History, Sacred and Not

Brad Miner | March 11, 2024

Today is “Dante Day,” according to someone, somewhere. (It’s also – who knows how? – National Napping Day, National Immune System Day, and a dozen other such profane observances now jostling the liturgical calendar.) It’s good to honor the greatest Catholic poet, of course, arguably the greatest poet period. We’ve done our part at TCT: You can click here for our online courses on Dante’s Divine Comedy. But today is also the Fourth Monday of Lent, the minor feasts of St. Aengus and St.

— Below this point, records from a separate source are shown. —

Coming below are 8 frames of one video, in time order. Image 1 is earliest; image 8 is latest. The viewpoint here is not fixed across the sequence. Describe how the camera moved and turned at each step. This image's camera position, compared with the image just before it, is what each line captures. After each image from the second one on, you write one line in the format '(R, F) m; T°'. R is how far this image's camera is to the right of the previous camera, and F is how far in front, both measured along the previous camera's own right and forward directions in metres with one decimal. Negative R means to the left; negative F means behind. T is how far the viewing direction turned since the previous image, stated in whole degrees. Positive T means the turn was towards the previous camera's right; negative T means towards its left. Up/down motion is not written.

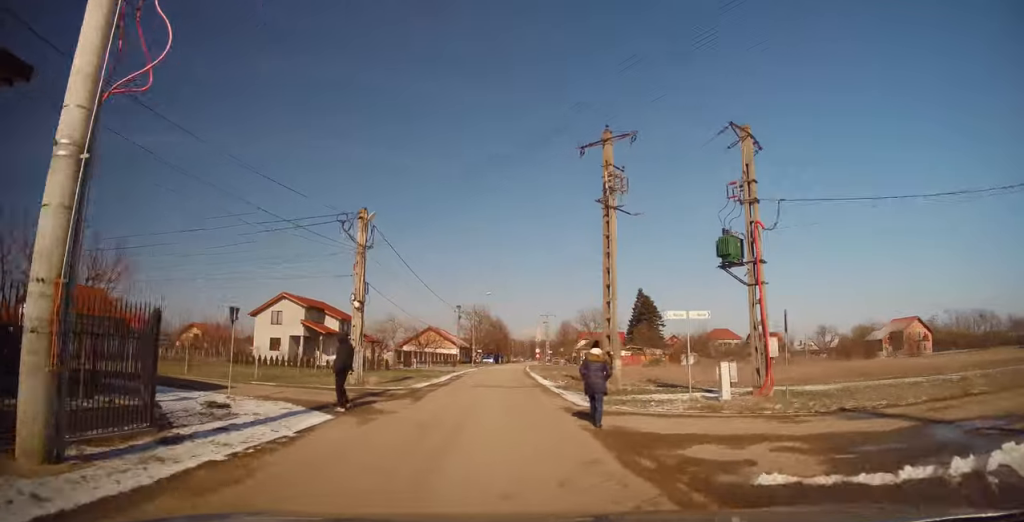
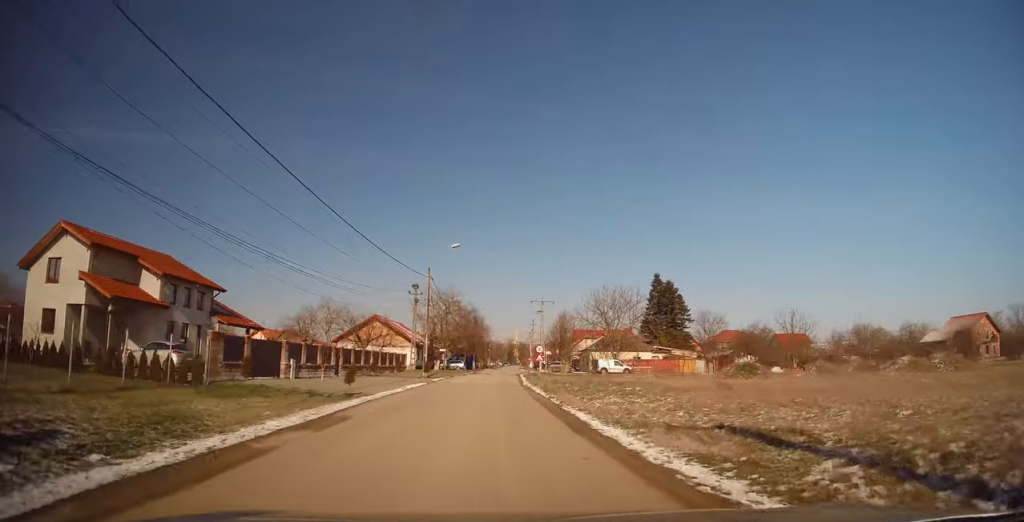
(0.0, +29.4) m; 0°
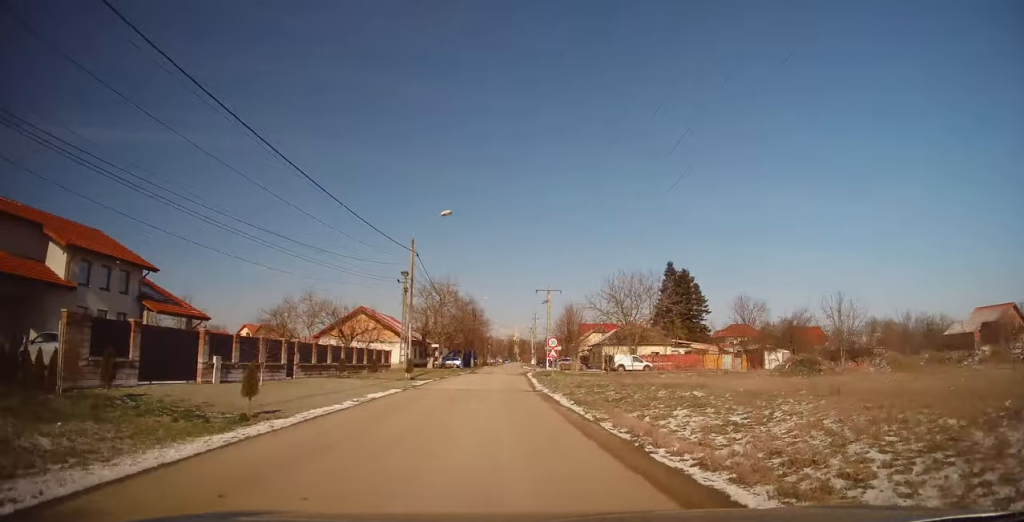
(0.0, +7.8) m; 0°
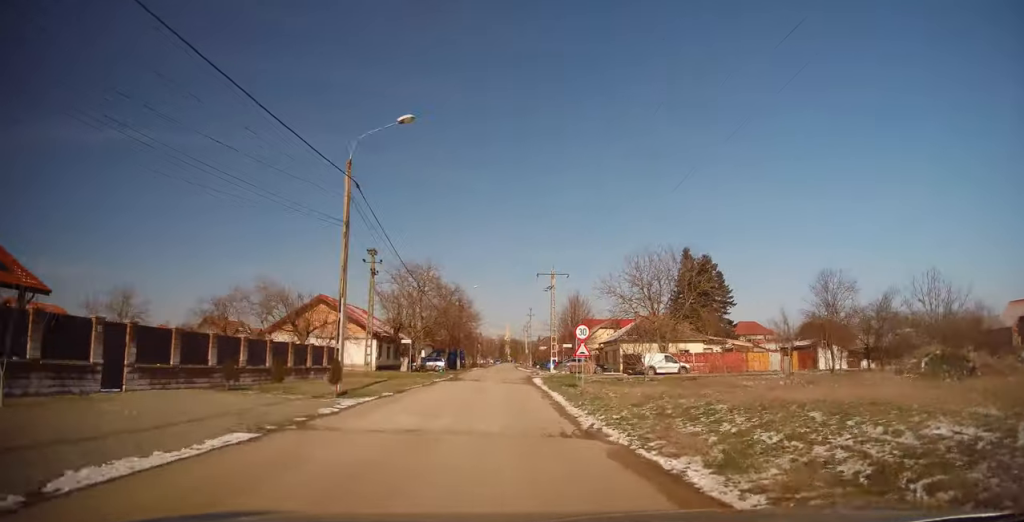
(0.0, +12.8) m; 0°
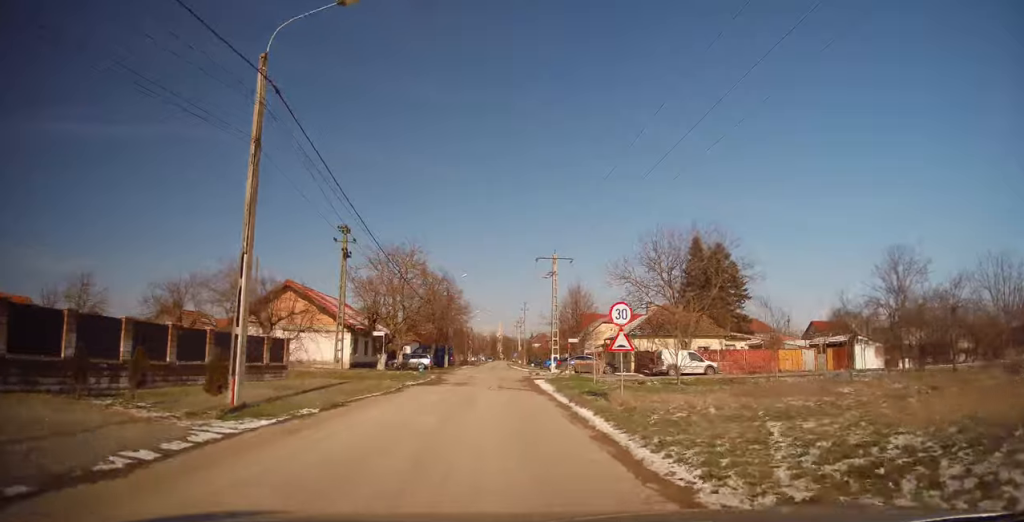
(0.0, +7.3) m; 0°
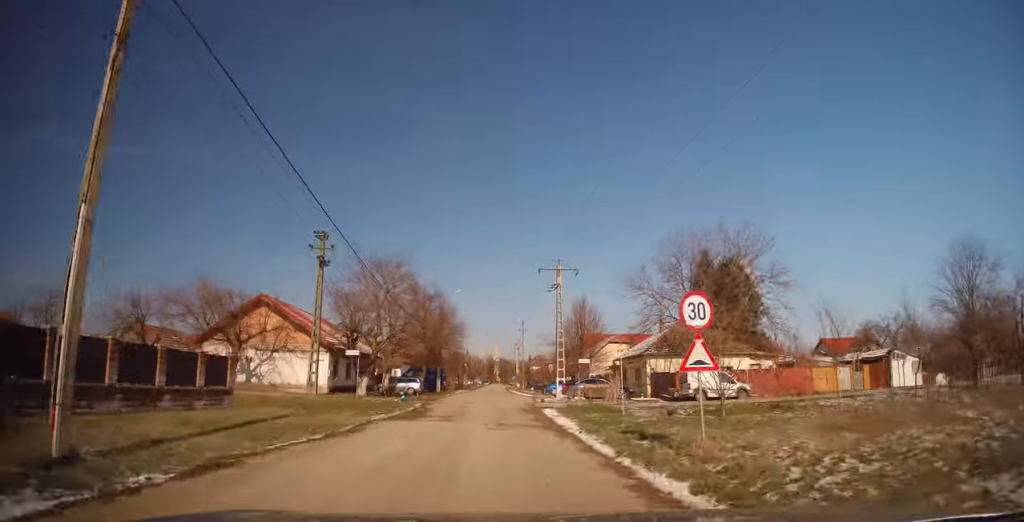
(0.0, +5.4) m; 0°
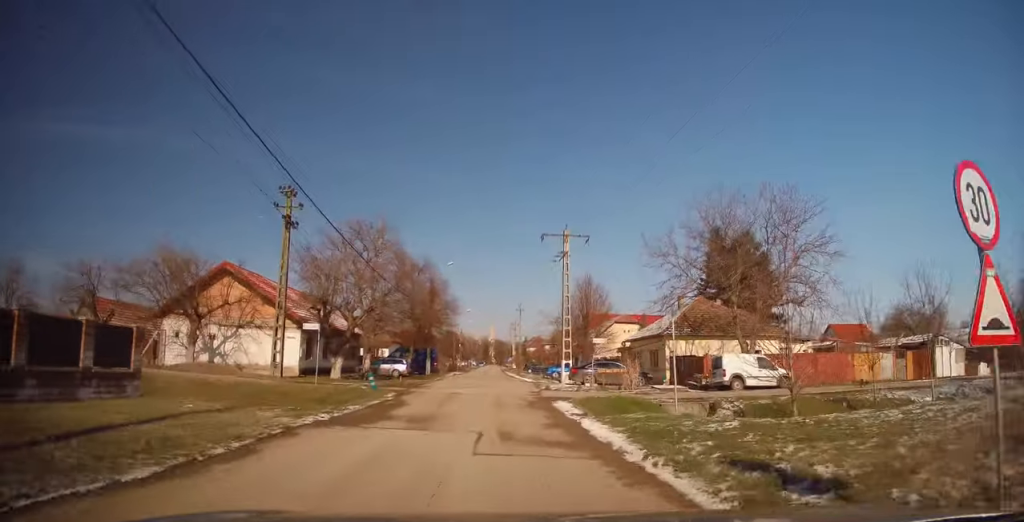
(0.0, +5.8) m; 0°
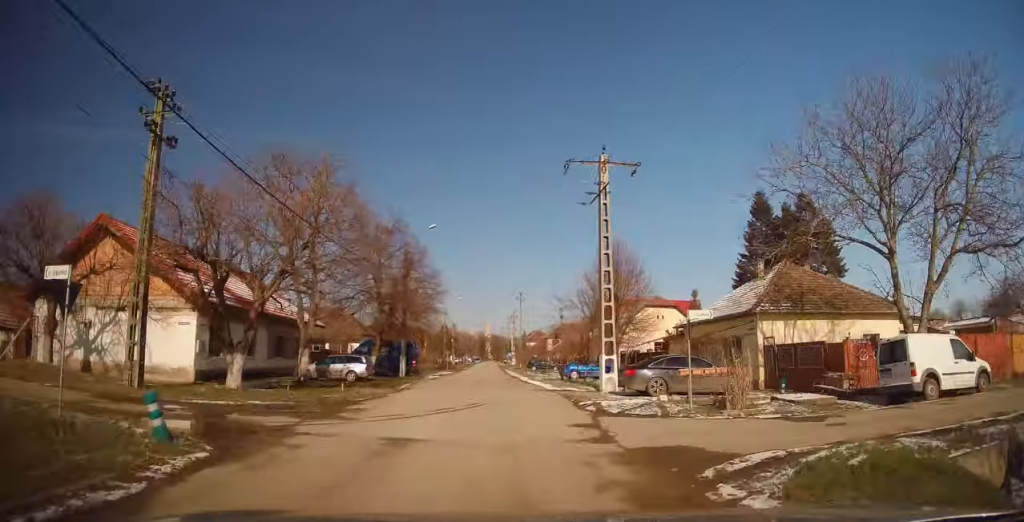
(0.0, +13.3) m; 0°
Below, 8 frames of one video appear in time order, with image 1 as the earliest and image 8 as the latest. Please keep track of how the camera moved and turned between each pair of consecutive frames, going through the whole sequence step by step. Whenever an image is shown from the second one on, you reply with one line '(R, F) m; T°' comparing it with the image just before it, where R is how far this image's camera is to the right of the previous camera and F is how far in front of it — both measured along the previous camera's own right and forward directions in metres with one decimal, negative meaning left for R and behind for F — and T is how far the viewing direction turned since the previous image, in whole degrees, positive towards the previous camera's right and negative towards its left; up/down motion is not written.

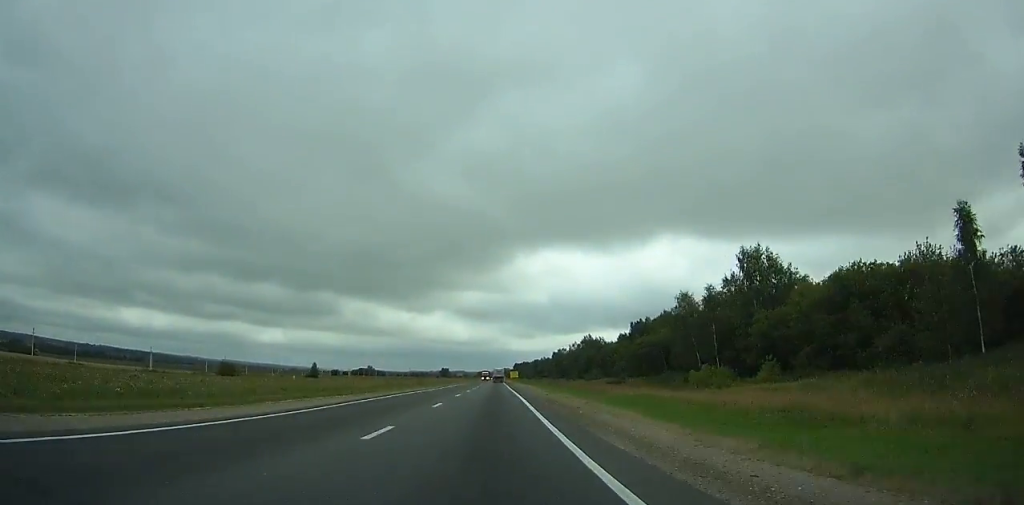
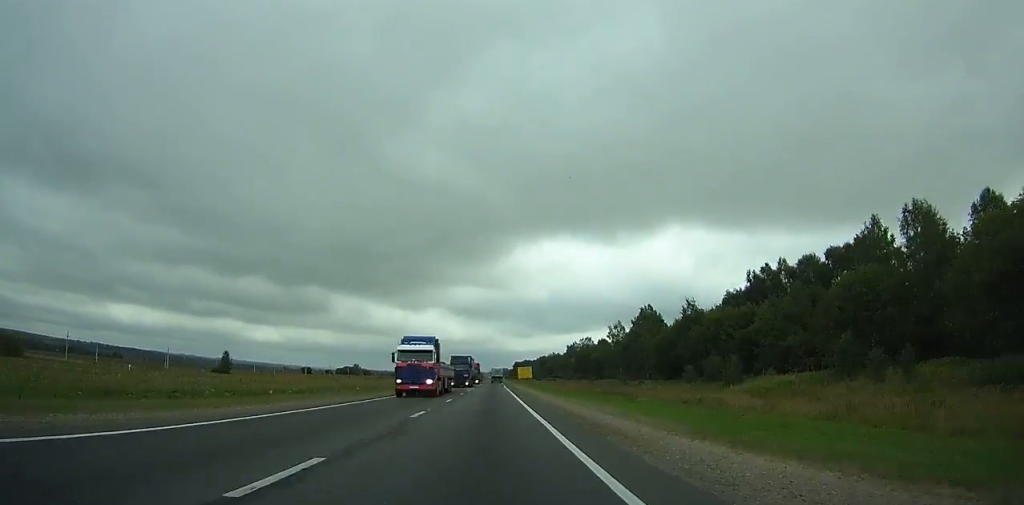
(-0.1, +102.3) m; 0°
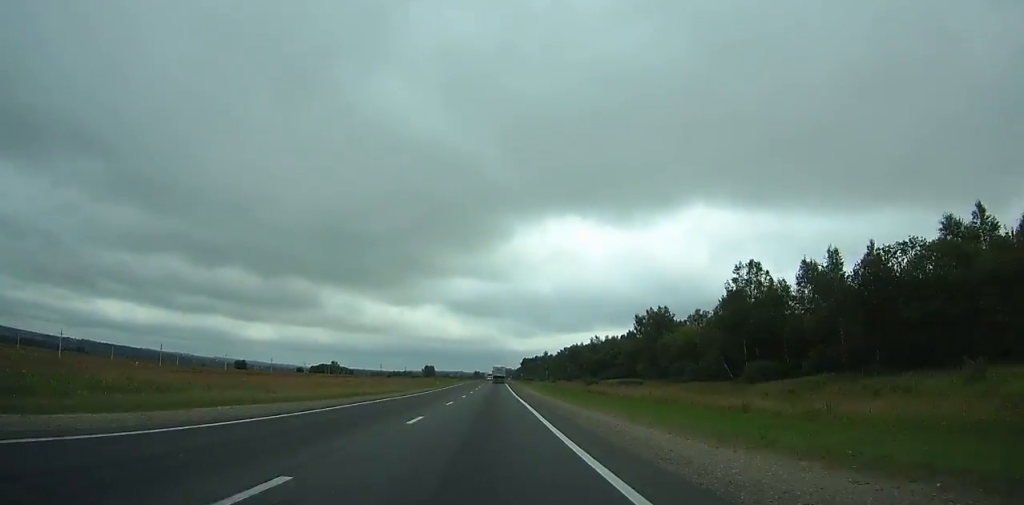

Constantine  (co-incidentally, the first night of Ramadan), which are of far different and infinitely greater import.

As “everything solid melts into air,” as Marx put it, human beings instinctively reach for something stable amid the flux – especially in times like these, when time itself seems to have sped up, and on a bad road. Remembering and seeking to live in continuity with the past is not “backwardism” or “rigidity.” It’s the sane human recognition that we come from somewhere. And are going somewhere.

Unlike most religious and philosophical systems, Christianity, like Judaism before it, recognizes that God works in history, which is to say, time and space – that time and space are, therefore, fundamentally sacred, not secular. A stumbling block to many because it means that a tiny Middle Eastern tribe – contrary to reasonable expectations – was the temporal vehicle for God’s revelations to the world. An absurdity to ancient pagans. And to pagans now.

Despite the historical record – that the Church, God’s faithful people, converted the mighty Roman Empire and spread around the entire globe – the reality of sacred history looks nonsensical to many who regard themselves as rational and enlightened. But how else do we explain the spread of the Faith by humble figures – fishermen, tax collectors, tent-makers – which Aquinas suggested may be the greatest of miracles?